図3図1のシステムで使用することができる例示的なCSAM構成要素の一形態を示す図である。
図4図1のシステムで使用することができる例示的なSPFDB構成要素の一形態を示す図である。
図5図2に示されるようなシステムの構成を使用して、未完成の加工物を完成した加工物に変える段階を示す図である。

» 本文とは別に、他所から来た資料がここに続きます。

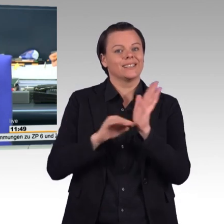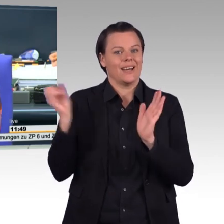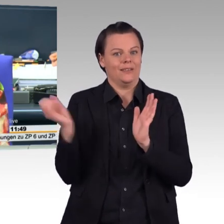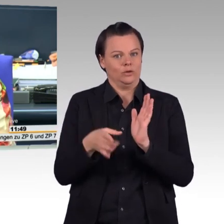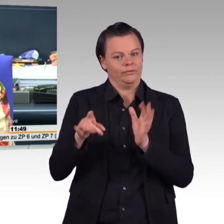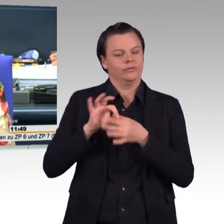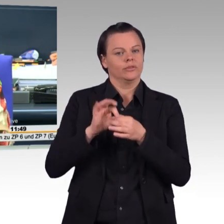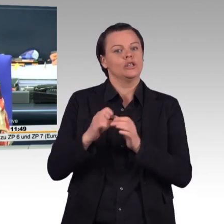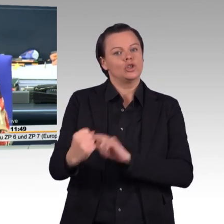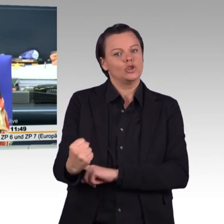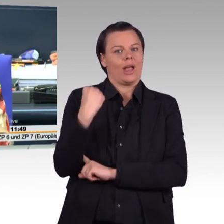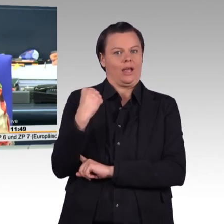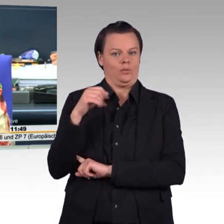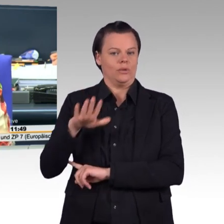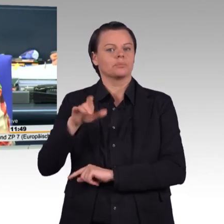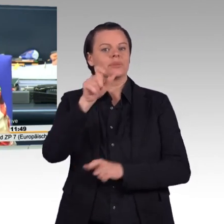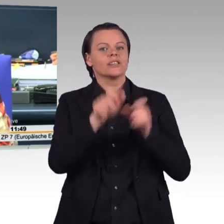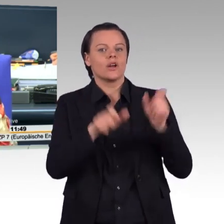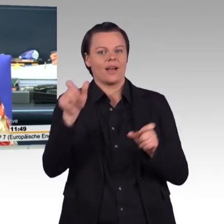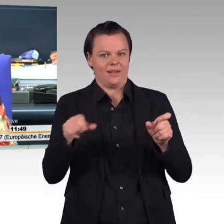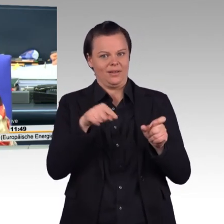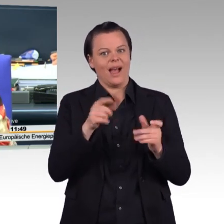Ich lese langsam vor, damit Sie die Plätze tauschen können.

図6図2に示される構成を使用して、図5の段階に示されるように、完成した加工物を製作する方法を示すフローチャートである(参考例)
図7図2に示されるように、システムの別の構成を使用して、未完成の加工物を完成した加工物に変える段階を示す図である。
図8図2に示されるシステムの構成を使用して、図7の段階に示されるように、完成した加工物を製作する方法を示すフローチャートである。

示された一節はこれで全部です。